You've worked in bigger promotions before. What's actually different about the creative process at MLW?

Model

The difference is that you're not executing someone else's vision from a script. You're building the story together with the company. If you have an idea about how your character should evolve or what a match should become, there's actually space to develop it.

Inventor

But doesn't every wrestler say they want creative freedom? How is MLW actually delivering on that?

Model

Because they're not operating under the same corporate guidelines as the bigger companies. There's no rulebook you're breaking if you take a match in an unexpected direction. The only constraint is whether it makes sense and whether you can execute it safely.

Inventor

So it's less about what the audience wants and more about what the wrestlers think the audience wants?

Model

It's both. The wrestlers know their characters better than anyone. They know what resonates.
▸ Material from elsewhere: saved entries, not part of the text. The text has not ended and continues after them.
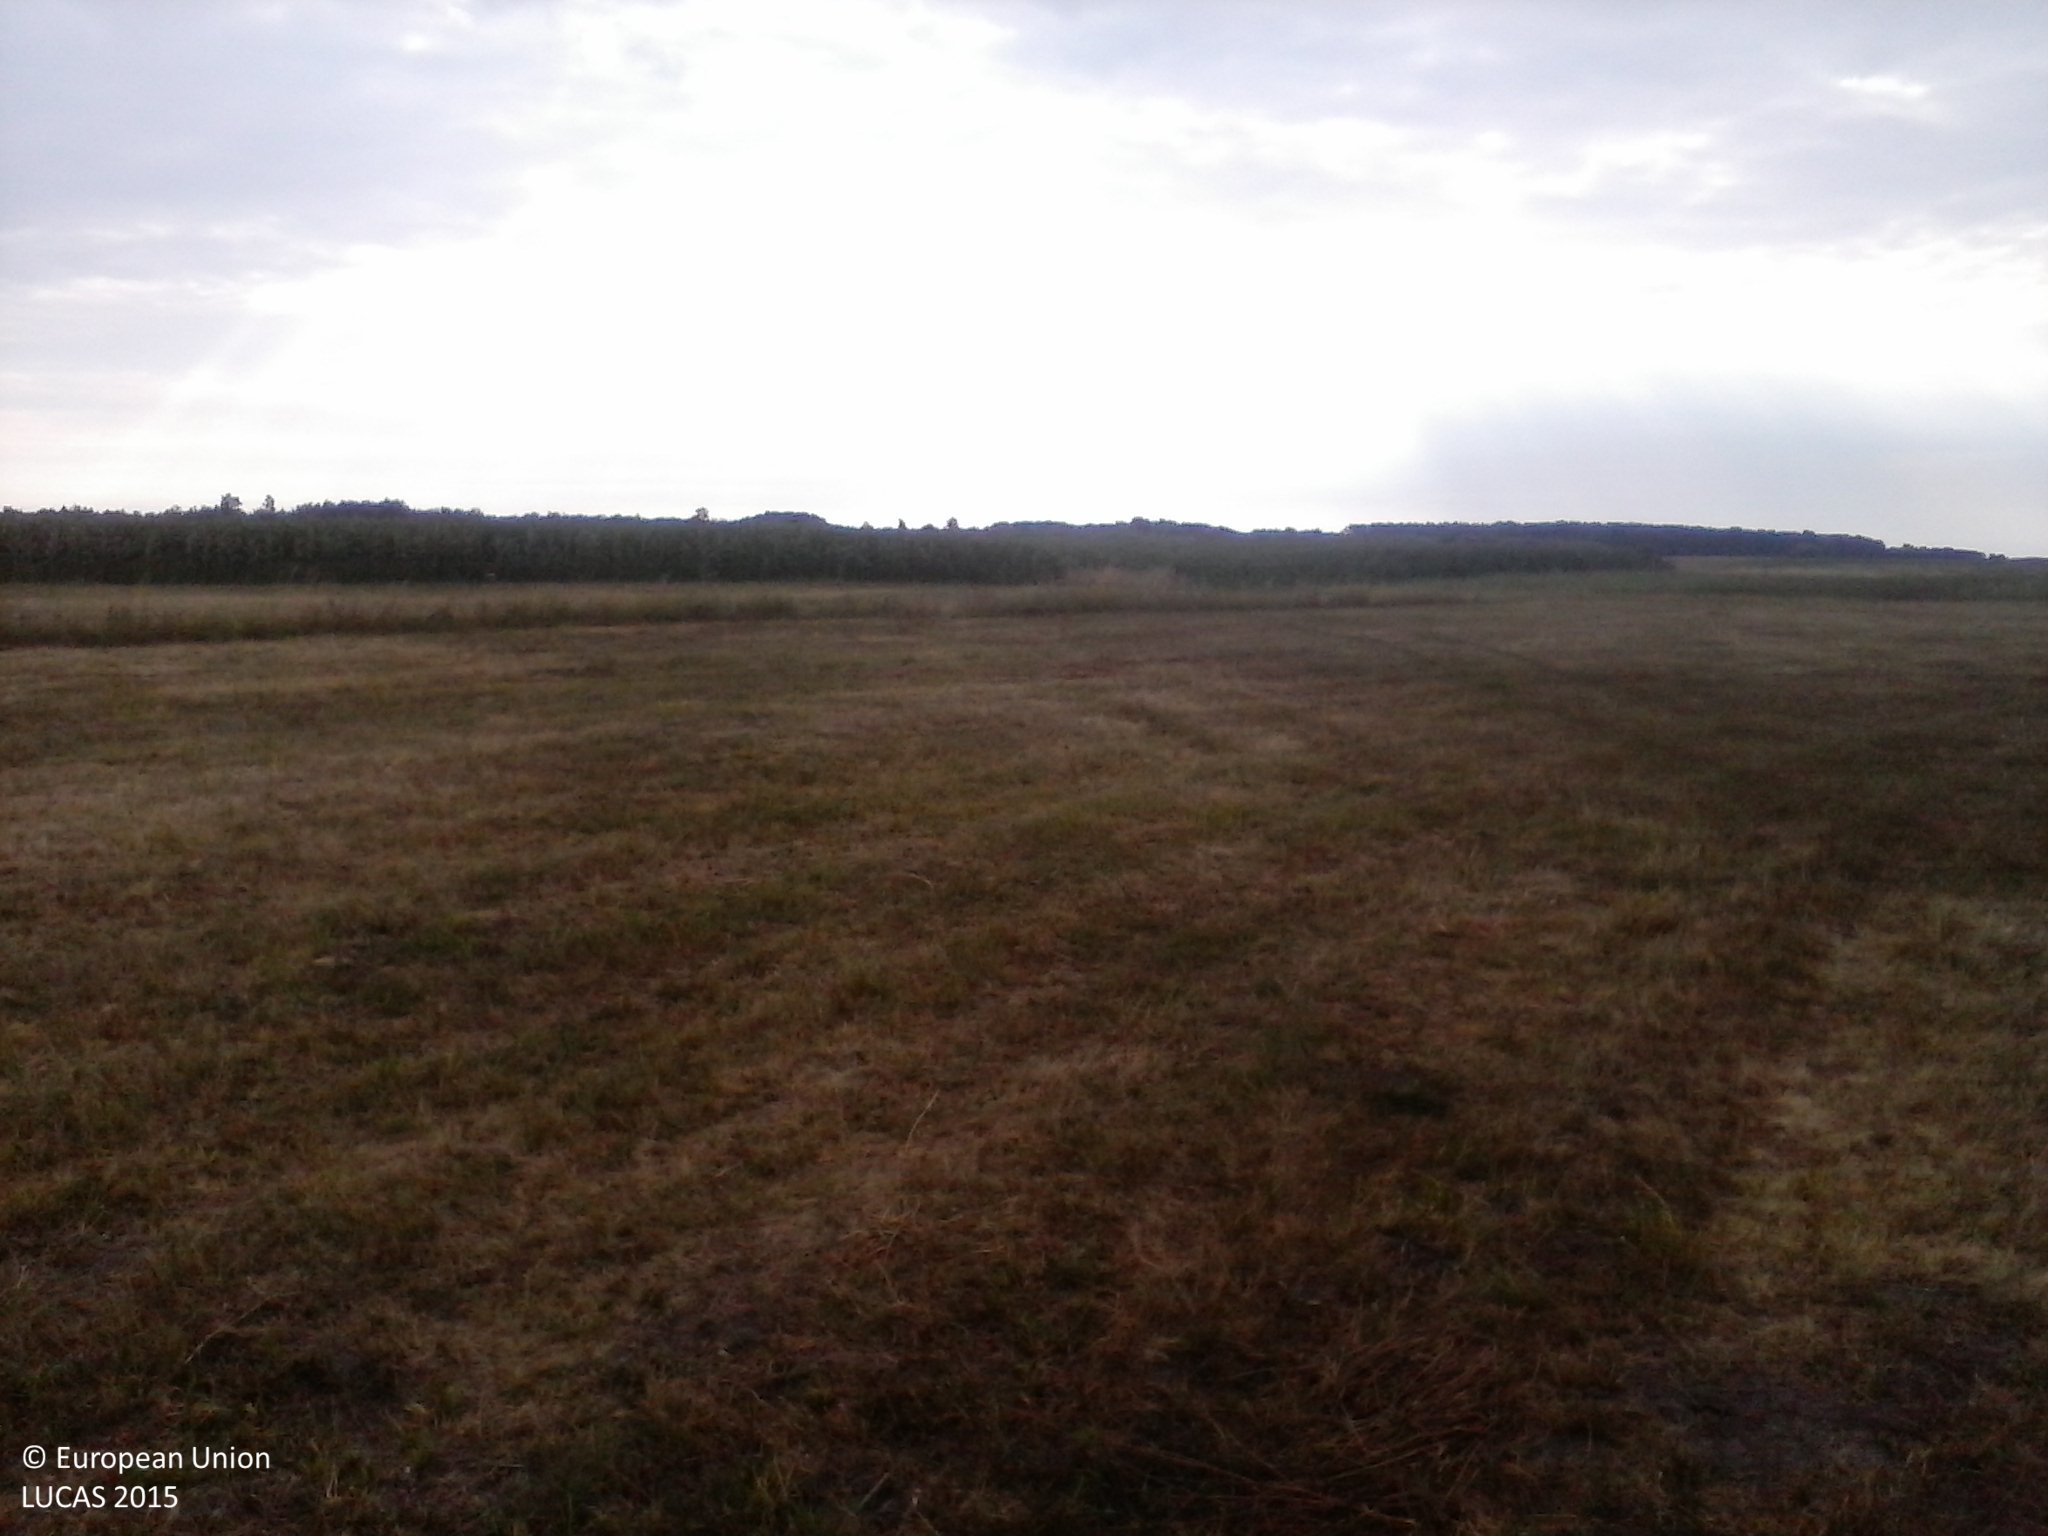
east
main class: Grassland
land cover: Grassland without tree/shrub cover
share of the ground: > 75 %
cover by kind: herbaceous plants 100 %
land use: Agriculture (excluding fallow land and kitchen gardens)
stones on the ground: < 10 %
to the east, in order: Grassland without tree/shrub cover; Maize; Grassland without tree/shrub cover
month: July
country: HU
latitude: 46.4836
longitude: 19.5662
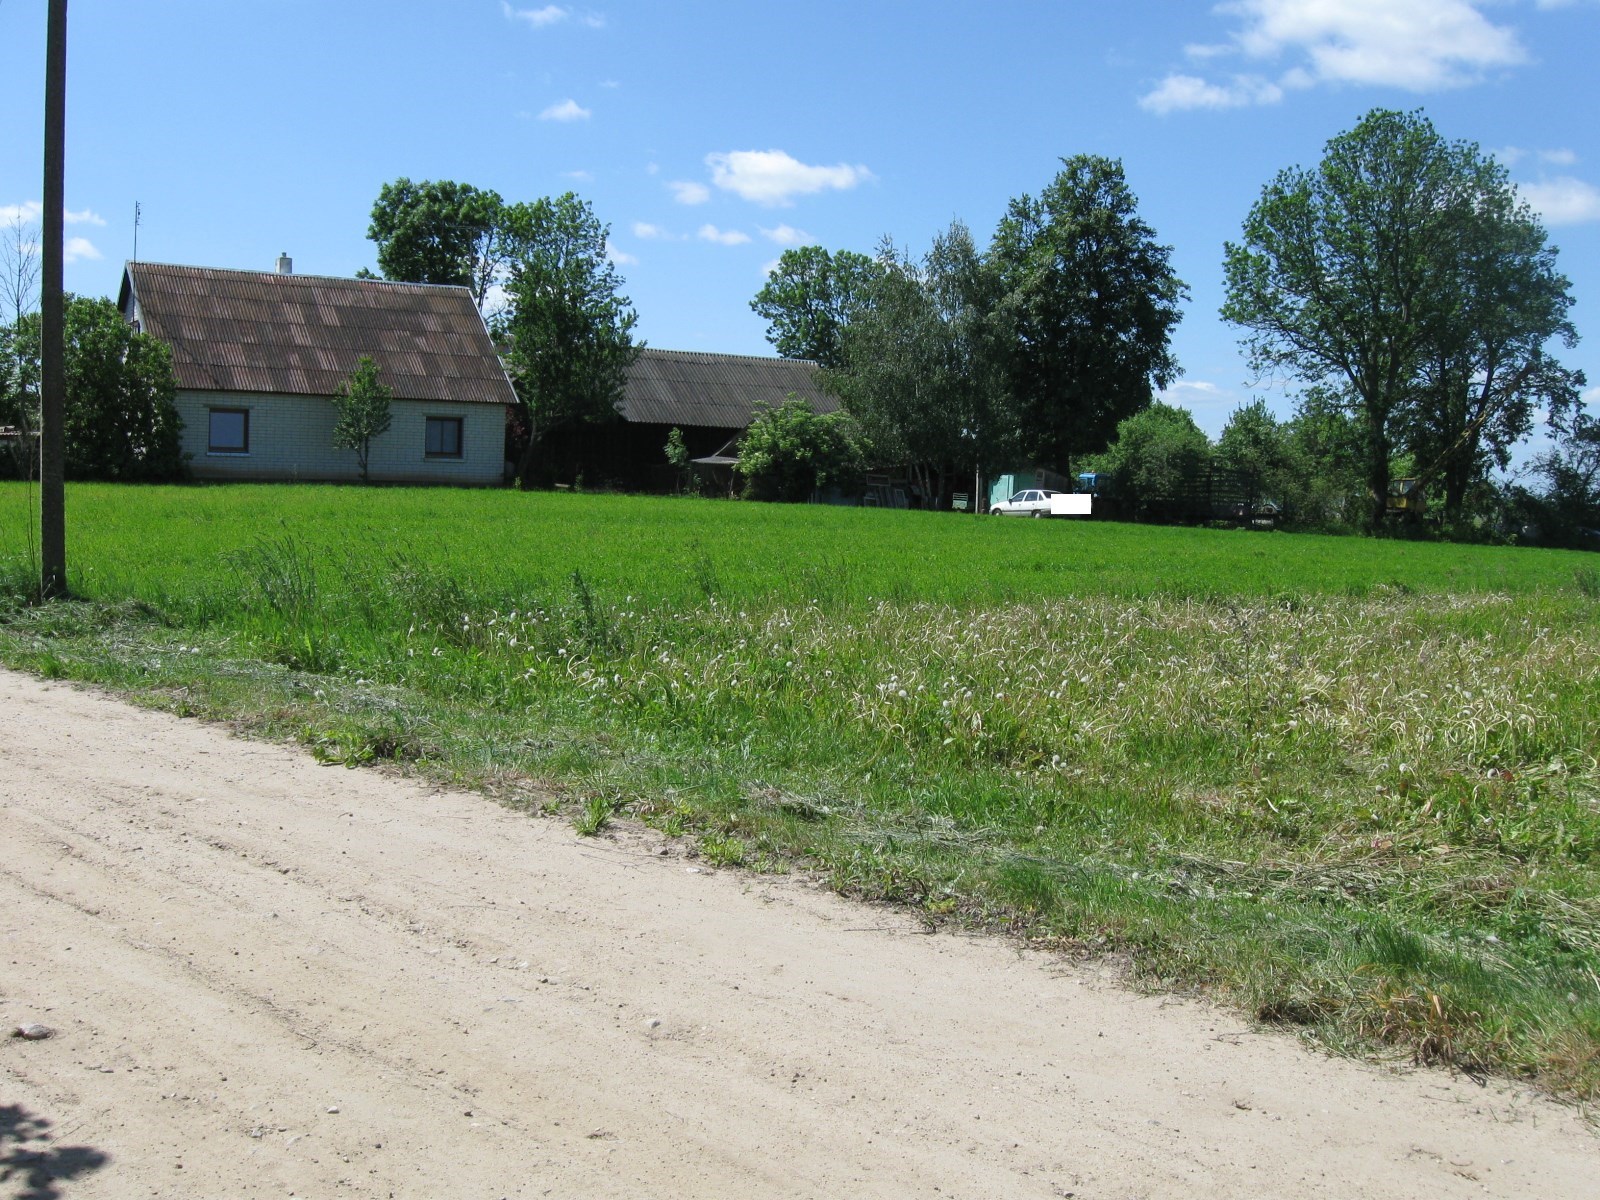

When you trust performers to make those calls, you get more authentic storytelling because it's coming from people who understand the material deeply.

Inventor

The roster has people from all over the world. Does that diversity actually matter for the storytelling?

Model

It matters enormously. You've got lucha libre wrestlers, American veterans, international talent—they bring completely different approaches to the ring. When you let them work in their own style rather than forcing everyone into the same mold, the matches become more interesting because the contrasts are real.

Inventor

Is this sustainable? Can a smaller promotion really compete by offering creative freedom when bigger companies have bigger budgets?

Model

That's the question MLW is answering right now. The bet is that there's an audience that values the storytelling and the authenticity more than they value the production budget. We'll know pretty quickly on Veeps.